What you are asked to do
Exactly the lines from the one holding "Q: Is the text bold? A: Yes." through the final line of the data are wanted, copied as written.

Dataset items:
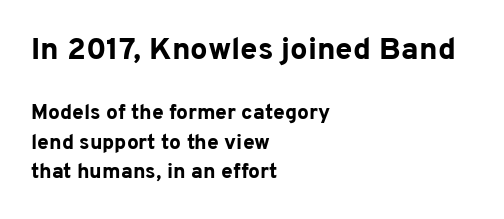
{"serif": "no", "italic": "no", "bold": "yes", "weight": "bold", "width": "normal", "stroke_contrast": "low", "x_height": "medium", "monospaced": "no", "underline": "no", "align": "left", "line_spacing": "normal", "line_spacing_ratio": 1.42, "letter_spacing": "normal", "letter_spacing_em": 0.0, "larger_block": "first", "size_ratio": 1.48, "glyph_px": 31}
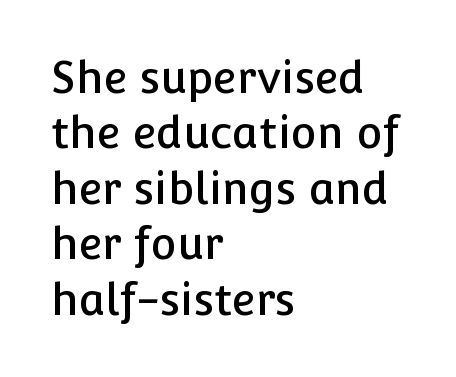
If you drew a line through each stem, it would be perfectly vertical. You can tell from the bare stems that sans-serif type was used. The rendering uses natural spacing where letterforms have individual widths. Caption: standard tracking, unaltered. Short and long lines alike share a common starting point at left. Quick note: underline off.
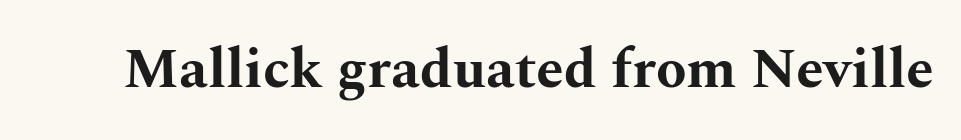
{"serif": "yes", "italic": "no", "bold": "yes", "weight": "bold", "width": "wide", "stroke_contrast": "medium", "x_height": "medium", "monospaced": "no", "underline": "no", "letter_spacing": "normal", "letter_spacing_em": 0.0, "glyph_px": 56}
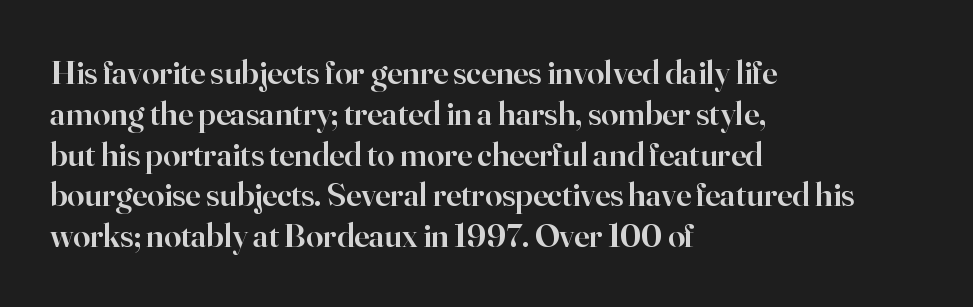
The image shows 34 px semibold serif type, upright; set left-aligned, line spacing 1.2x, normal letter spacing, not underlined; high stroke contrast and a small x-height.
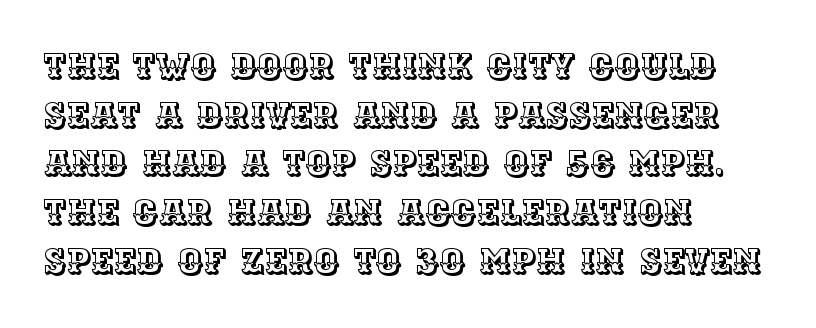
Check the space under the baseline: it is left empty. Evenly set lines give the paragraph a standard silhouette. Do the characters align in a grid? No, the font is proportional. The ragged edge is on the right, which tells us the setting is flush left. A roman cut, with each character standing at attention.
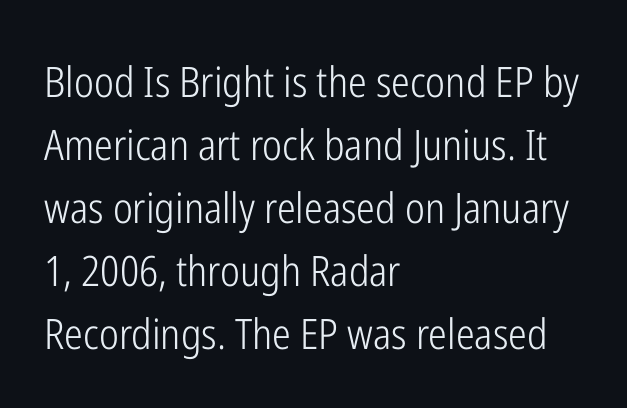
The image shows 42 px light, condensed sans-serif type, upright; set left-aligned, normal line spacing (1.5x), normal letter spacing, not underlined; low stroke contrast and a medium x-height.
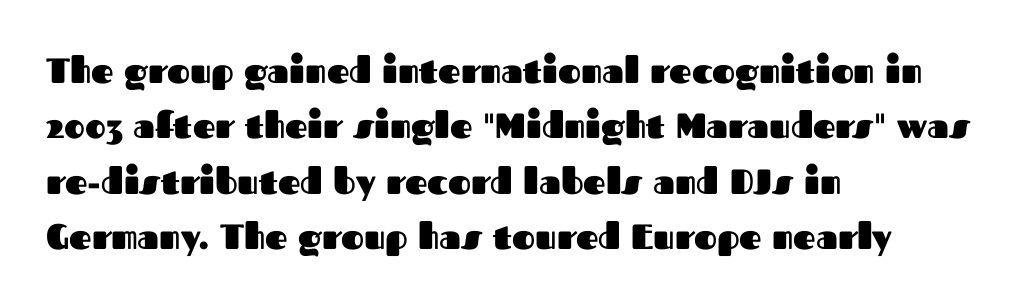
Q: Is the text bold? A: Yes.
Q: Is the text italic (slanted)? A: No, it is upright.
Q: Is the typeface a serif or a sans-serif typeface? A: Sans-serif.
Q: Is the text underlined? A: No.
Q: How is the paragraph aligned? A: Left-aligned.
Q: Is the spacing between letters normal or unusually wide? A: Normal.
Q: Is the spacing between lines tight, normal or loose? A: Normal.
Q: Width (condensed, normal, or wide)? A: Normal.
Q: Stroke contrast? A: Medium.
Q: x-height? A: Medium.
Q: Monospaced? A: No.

Answer to the problem
Q: Is the text bold? A: Yes.
Q: Is the text italic (slanted)? A: No, it is upright.
Q: Is the typeface a serif or a sans-serif typeface? A: Sans-serif.
Q: Is the text underlined? A: No.
Q: How is the paragraph aligned? A: Left-aligned.
Q: Is the spacing between letters normal or unusually wide? A: Normal.
Q: Is the spacing between lines tight, normal or loose? A: Normal.
Q: Width (condensed, normal, or wide)? A: Normal.
Q: Stroke contrast? A: Medium.
Q: x-height? A: Medium.
Q: Monospaced? A: No.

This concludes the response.